While different solutions have been proposed, the Conference of the Parties (COP) meeting 15 (COP15) resulted in the proposal for the establishment of a global fund, among other strategies, to address these issues. The goal was for countries to have negotiated terms to achieve this by October 2024, with guidelines stating that the multilateral mechanism by which benefits are shared must not hinder research or innovation, allow open access data sharing, but at the same time provide reliable legal provisions, and generate more benefit than cost. , In response, following COP16, the Cali Fund for the Fair and Equitable Sharing of Benefits from the Use of Digital Sequence Information (the “Cali fund”) was launched in February 2025. Significant hurdles and details remain to be worked out, but natural product researchers should be aware of these and other ongoing initiatives, their potential effects on research, and contribute their expertise where possible. Moving forward, continued international cooperation and innovative mechanisms will be crucial to both encourage research and discovery and enable equitable benefit-sharing. A future without robust conservation is a future with dwindling biodiversity and, in turn, a significantly impoverished landscape for natural product discovery.

Conclusion

From the foundational Sanger method to revolutionary next-gen technologies, sequencing has steadily revealed the hidden chemical potential encoded within diverse organisms. Marching in lockstep with the ever-advancing technologies are the algorithms for quality control, contig assembly, and crucially, for the targeted mining of biosynthetic gene clusters (BGCs), which have become important technologies for a natural product researcher. These tools not only enable the efficient identification of BGCs but also facilitate large-scale comparisons, allowing researchers to quickly assess the novelty and potential bioactivity of newly discovered gene clusters. In this way, sequencing has been instrumental in unlocking the “microbial dark matter”, revealing the vast biosynthetic capabilities of previously unknown and unculturable organisms. Beyond the identification of BGCs, transcriptomic analyses have provided a critical window into the expression and regulation of BGCs and their associated natural products. This allows researchers to optimize culture conditions for maximal compound production, prioritize promising microbial strains, and even challenge long-held assumptions about the timing of secondary metabolite production.

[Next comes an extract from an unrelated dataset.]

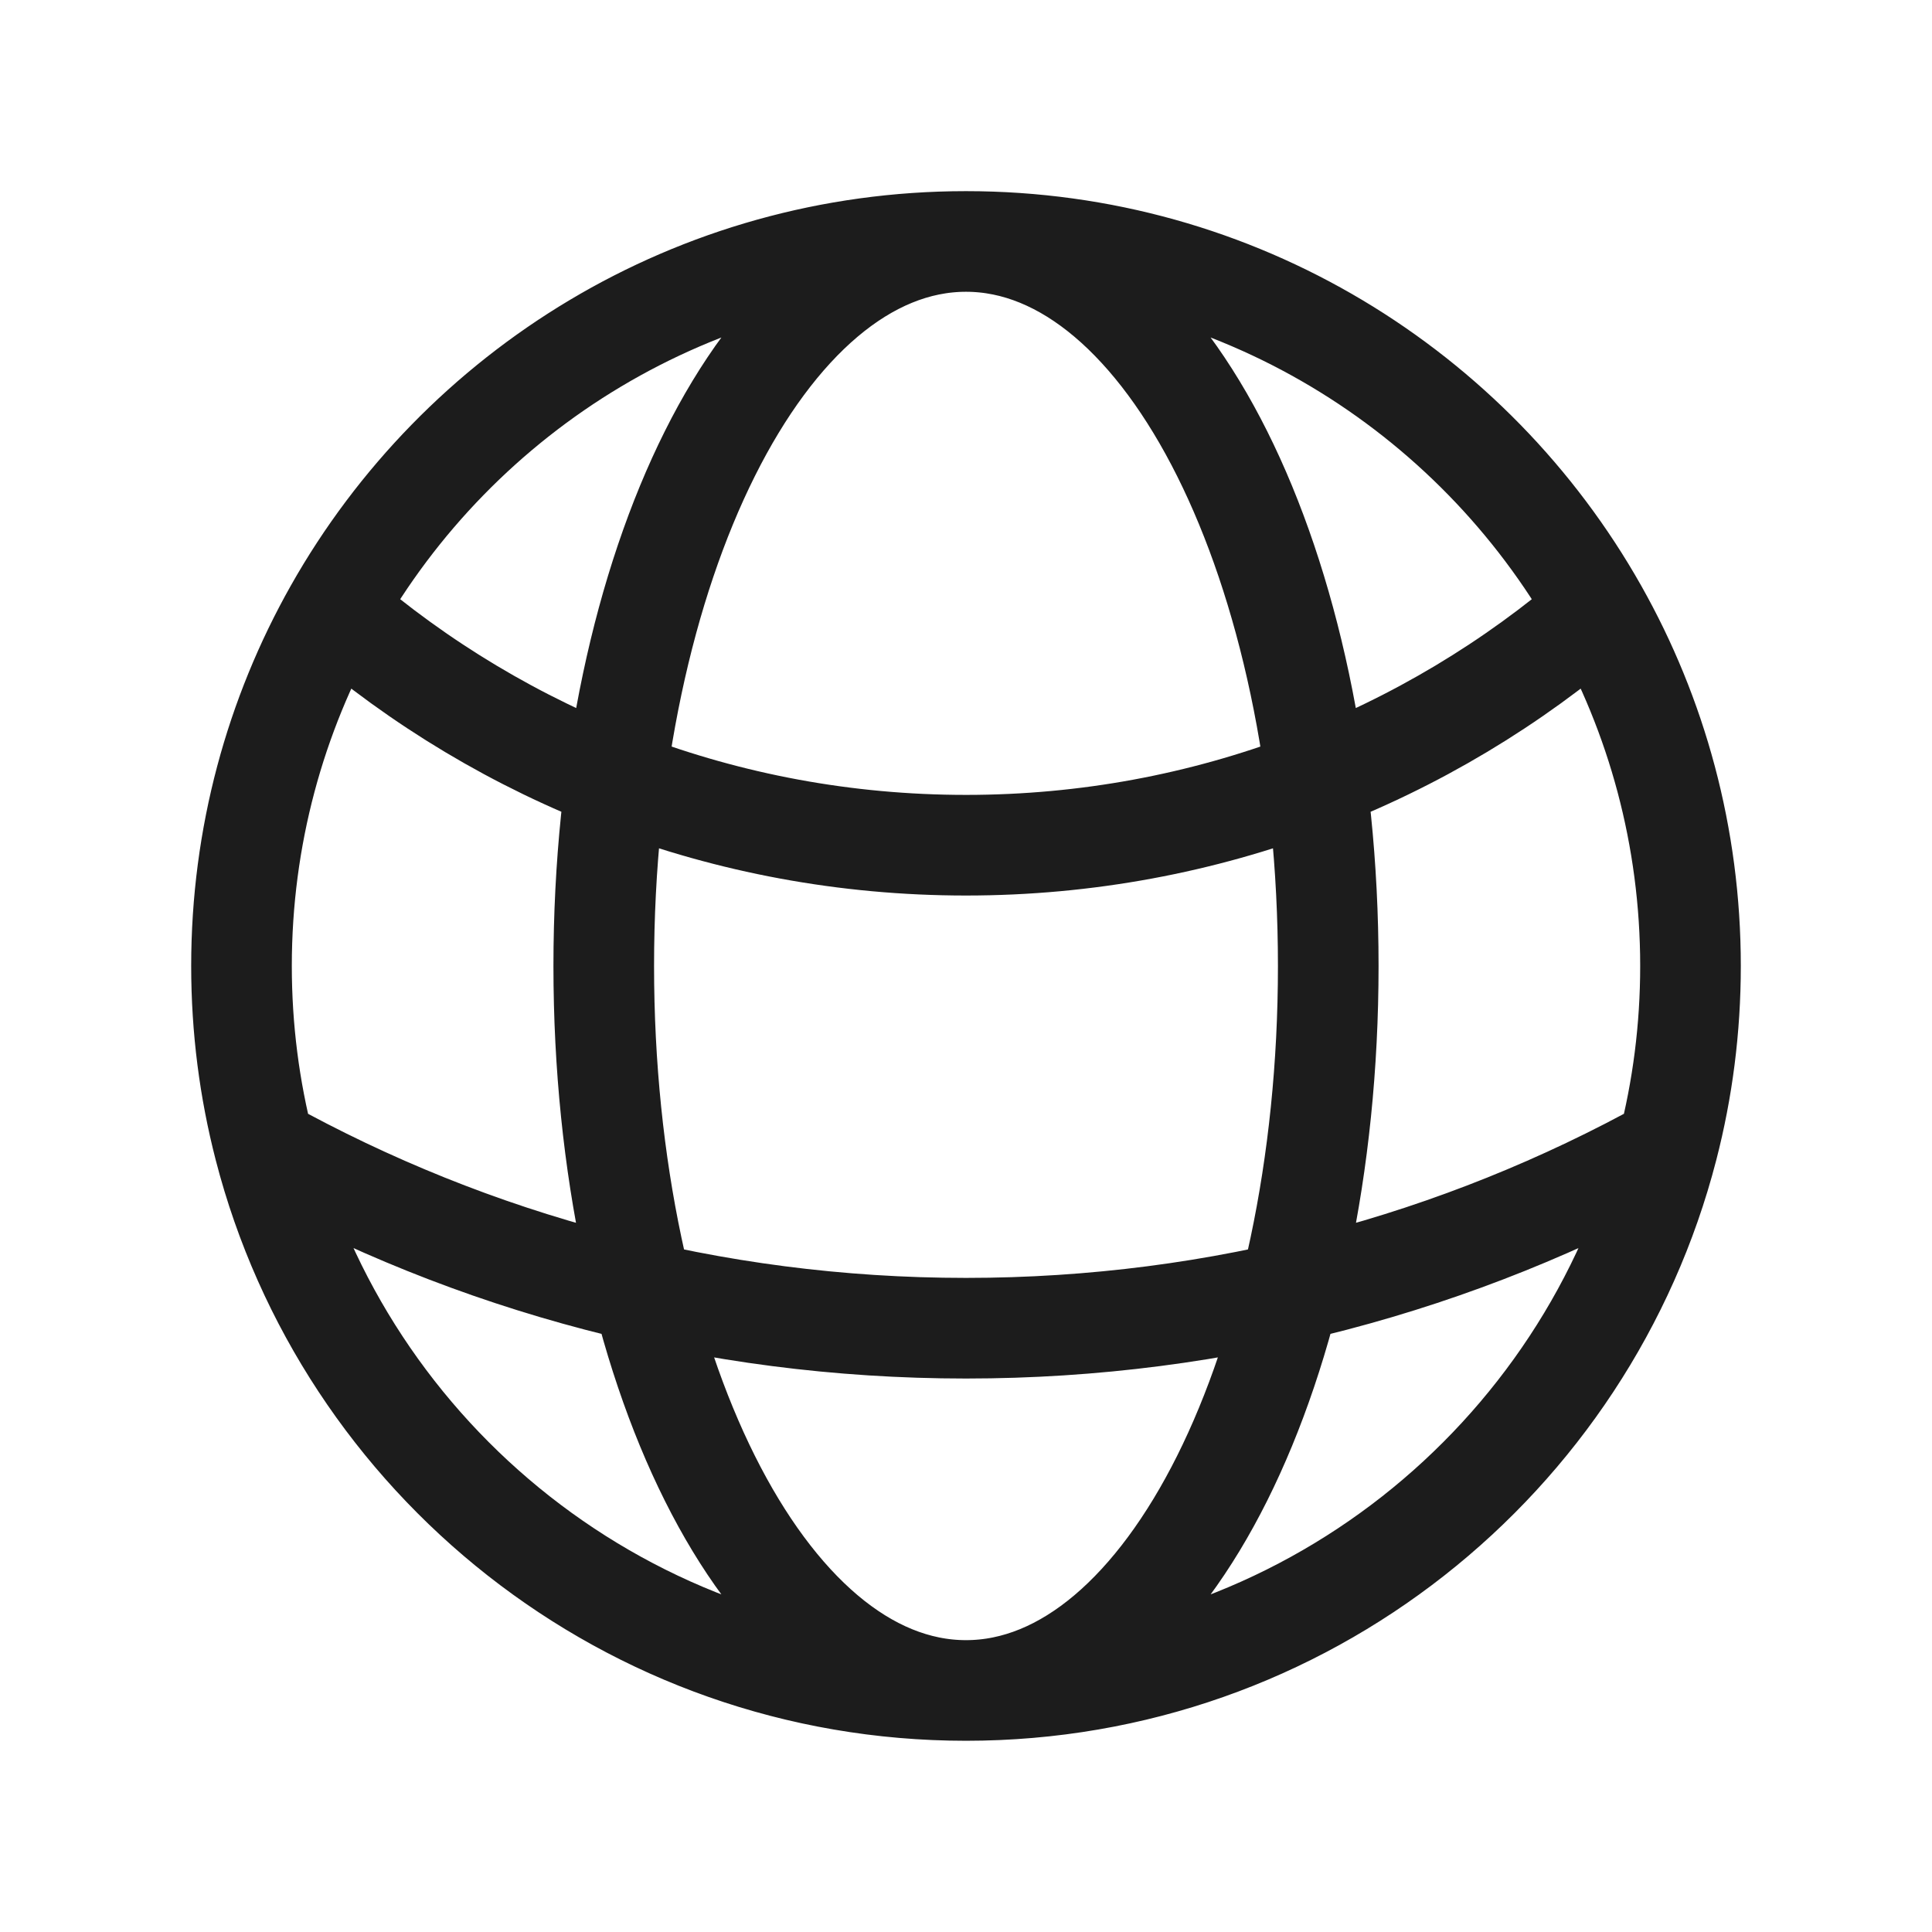 <svg width="48" height="48" viewBox="0 0 48 48" fill="none" xmlns="http://www.w3.org/2000/svg">
<path d="M24 41.999C32.385 41.999 39.431 36.265 41.431 28.505M24 41.999C15.615 41.999 8.569 36.265 6.569 28.505M24 41.999C28.971 41.999 33 33.94 33 23.999C33 14.058 28.971 5.999 24 5.999M24 41.999C19.029 41.999 15 33.94 15 23.999C15 14.058 19.029 5.999 24 5.999M24 5.999C30.73 5.999 36.598 9.693 39.686 15.164M24 5.999C17.27 5.999 11.402 9.693 8.314 15.164M39.686 15.164C35.48 18.8 29.997 20.999 24 20.999C18.003 20.999 12.521 18.8 8.314 15.164M39.686 15.164C41.159 17.774 42 20.788 42 23.999C42 25.555 41.803 27.065 41.431 28.505M41.431 28.505C36.267 31.369 30.324 32.999 24 32.999C17.676 32.999 11.733 31.369 6.569 28.505M6.569 28.505C6.197 27.065 6 25.555 6 23.999C6 20.788 6.841 17.774 8.314 15.164" stroke="#1C1C1C" stroke-width="2.5" stroke-linecap="round" stroke-linejoin="round"/>
</svg>

As sequencing technologies continue to advance in accuracy, speed, and affordability and as bioinformatic tools become even more sophisticated, the future of natural product compound discovery promises an exciting era of exploration. The integration of “omics” data, artificial intelligence, and synthetic biology, all underpinned by the power of nucleotide sequencing, will undoubtedly lead to a cascade of discoveries that will invigorate and advance the field of natural product discovery for years to come.

Acknowledgments

This research was supported in whole with Federal Funds from the National Cancer Institute, Center for Cancer Research, National Institutes of Health, Department of Health and Human Services, Intramural Program, under project numbers ZIA 011471 (B.R.O.) and ZIA 011469 (J.A.B.). I would also extend my deep appreciation to Dr. Barry O’Keefe, Dr. John Beutler, and Prof. Rosemary Dorrington, who provided thoughtful, helpful, and constructive feedback during the preparation of this report.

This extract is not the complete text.